* BRIEF: Quote word for word the lines below, beginning with the first and ending with the one that has "116.079L111.538 88.693L71.439 49.306L4.7". Drop the pictures.
****
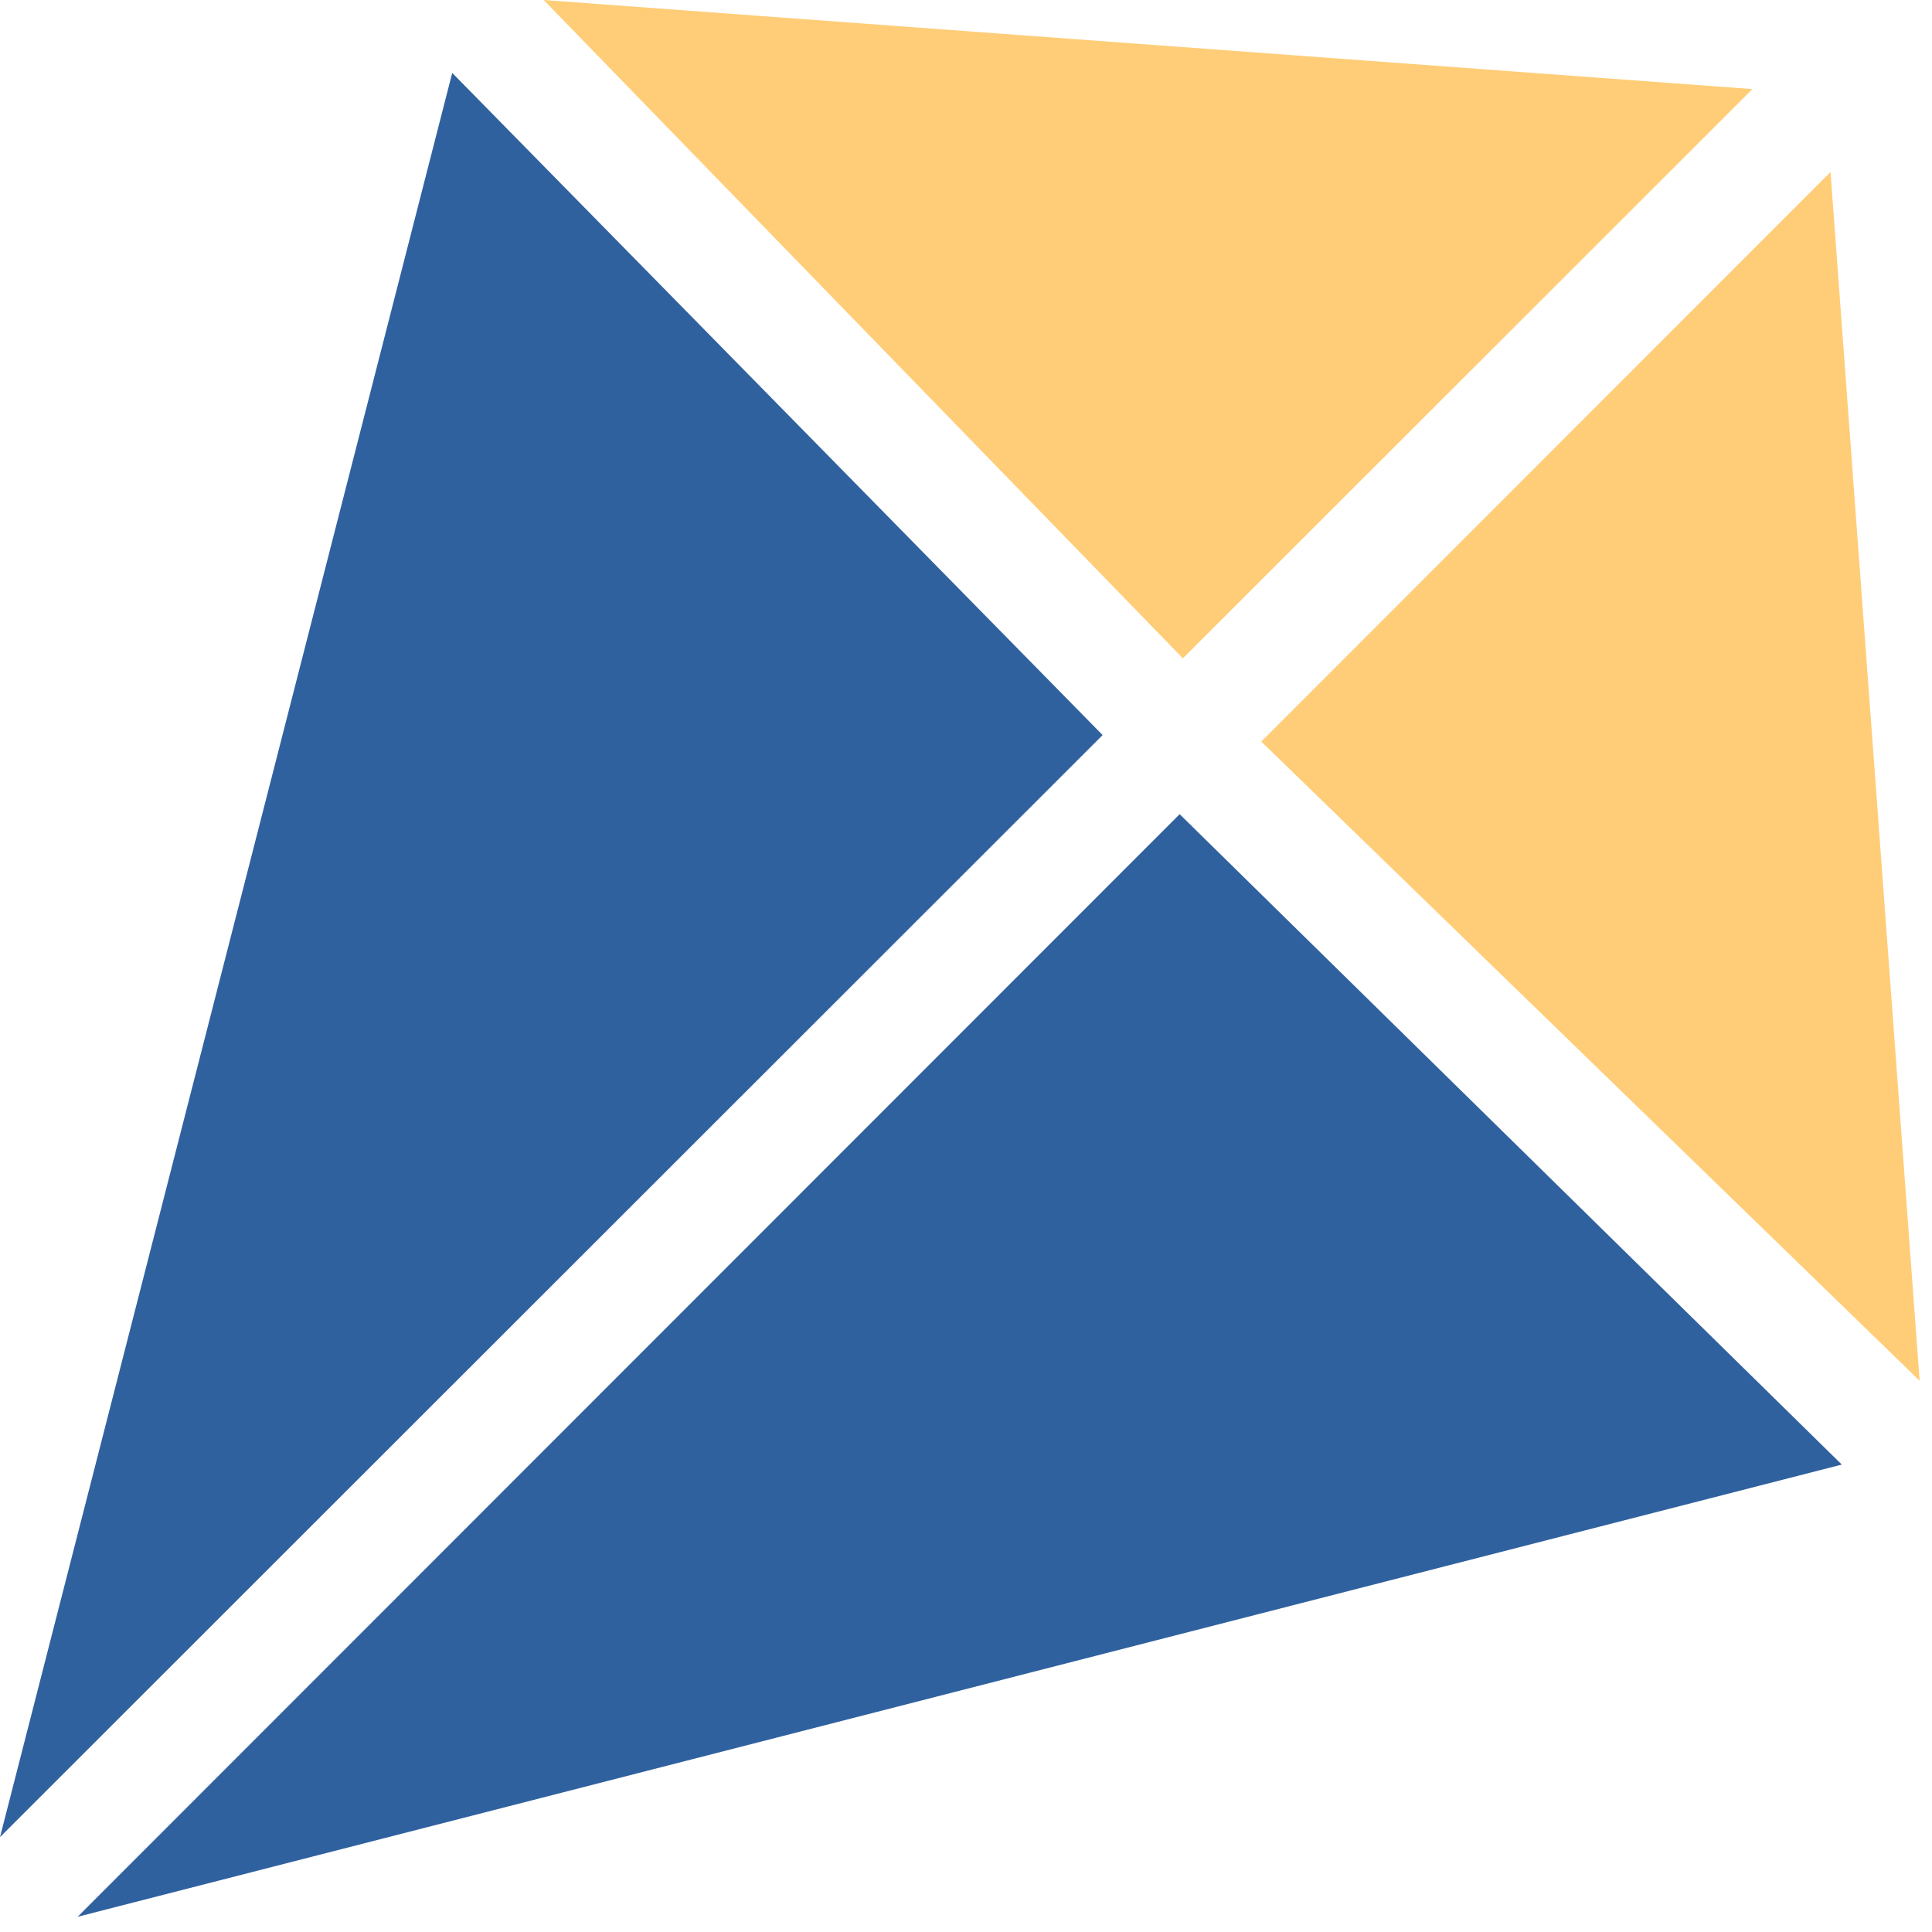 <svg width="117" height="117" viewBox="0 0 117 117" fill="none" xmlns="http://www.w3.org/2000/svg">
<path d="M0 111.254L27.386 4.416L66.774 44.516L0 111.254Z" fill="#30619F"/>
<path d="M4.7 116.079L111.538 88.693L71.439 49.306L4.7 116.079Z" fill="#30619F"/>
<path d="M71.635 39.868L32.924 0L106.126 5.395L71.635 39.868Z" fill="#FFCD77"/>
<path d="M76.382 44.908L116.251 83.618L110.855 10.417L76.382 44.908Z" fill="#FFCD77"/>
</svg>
****
* ANSWER TO THE PROBLEM:
 <svg width="117" height="117" viewBox="0 0 117 117" fill="none" xmlns="http://www.w3.org/2000/svg">
<path d="M0 111.254L27.386 4.416L66.774 44.516L0 111.254Z" fill="#30619F"/>
<path d="M4.7 116.079L111.538 88.693L71.439 49.306L4.7 116.079Z" fill="#30619F"/>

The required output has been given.